Progress – updated 16 April 2002

By Guo Liang, Huey Ting

 

Goal

 

The goal of our project is to make use of the distributed architecture built by Kevin and Kunal to experiment on the ensembles of classifiers.

 

DATASET

 

We have downloaded the corpus Reuters21578 from

 

http://www.research.att.com/~lewis/reuters21578.html

 

It contains over 7000 training texts and 3299 test texts spread across 100 over categories. It is the test corpus used in the ACM SIGIR 2001 paper “A re-examination of text categorization methods” - http://www-2.cs.cmu.edu/~yiming/publications.html

 

We have done the necessary preprocessing to the dataset  which consists of the following steps

1) Remove SGML tagging from the files.

2) Removal of stopword like is, are, this, that.

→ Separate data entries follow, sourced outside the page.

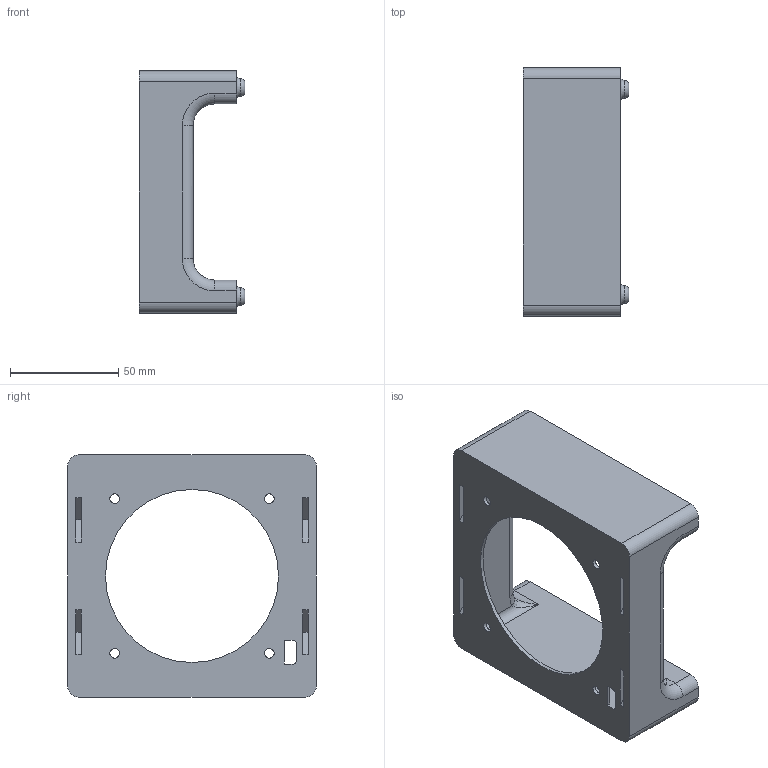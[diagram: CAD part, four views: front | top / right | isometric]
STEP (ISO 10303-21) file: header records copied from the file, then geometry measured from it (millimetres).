
FILE_DESCRIPTION(/* description */ ('STEP AP242','CAx-IF Rec.Pracs.---Representation and Presentation of Product Manufacturing Information (PMI)---4.0---2014-10-13','CAx-IF Rec.Pracs.---3D Tessellated Geometry---0.4---2014-09-14','2;1'),/* implementation_level */ '2;1');
FILE_NAME(/* name */ 'base',/* time_stamp */ '2025-10-08T01:31:00Z',/* author */ (''),/* organization */ (''),/* preprocessor_version */ 'ST-DEVELOPER v20');
FILE_SCHEMA (('AP242_MANAGED_MODEL_BASED_3D_ENGINEERING_MIM_LF { 1 0 10303 442 1 1 4 }'));
Length unit declared in the file: metre
Products named in the file (2): Base
Assembly tree (1 placements, depth 2):
  Base
    Base
Bounding box: 49 x 115 x 112 mm (x, y, z)
Volume: 224060.4 mm3; surface area: 45333.1 mm2
Topology: 1 solids, 1 shells, 96 faces, 234 edges, 141 vertices
Faces by surface type: plane 39, cylinder 31, torus 18, bspline 8
Full cylindrical faces by diameter (mm): 4.5 x4, 80 x1
Entity records: 2937 total; most frequent: CARTESIAN_POINT 703, DIRECTION 464, ORIENTED_EDGE 430, EDGE_CURVE 215, AXIS2_PLACEMENT_3D 176, VERTEX_POINT 141, EDGE_LOOP 128, FACE_BOUND 128

3) Transform the words into their morphological root form. Note that we employ the porter’s stemming algorithm to do the stem the words.

4) Feature extraction : We have decided to use all features as a start.

 

 

TOOLS:

We need a set of machine tools implemented  in Java for our experimentation.

After much searching, we have decided to use the Weka package as it has implementations in a

Wide of machine learning tools, we are particularly interested in the following.

 

1) Neural Net

2) Naïve Bayes.

3) SMO

 

 

PRELIMNARY RESULTS

 

1) We have implemented a bagging algorithm to generate different training subsets. Basically, the algorithm randomly selects examples from the available training set with replacement.

 

2) We have also implemented a voting mechanism to combine the various classifiers.

 

Bags

Some preliminary results on the category acq (each of the systems is trained on different bags of around 10% of the total training data).

 

Systems used in combination

Precision

Recall

F-measure

System 1

86.7

87.5

87.1

System 2

86.9

89.3

88.1

System 3

87.7

90.7

89.1

System 1, 2

94.6

80.7

87.1

System 2, 3

95.5

84.4

89.6

System 1, 2, 3

91.2

93.0

92.1

 

 

References:

 

Popular Ensemble Methods: An Empirical Study

http://www-2.cs.cmu.edu/afs/cs/project/jair/pub/volume11/opitz99a-html/paper.html

 

This paper gives a good overview on the history of ensemble classifiers with extensive references to various works in this field. It also has links to the papers for further reading.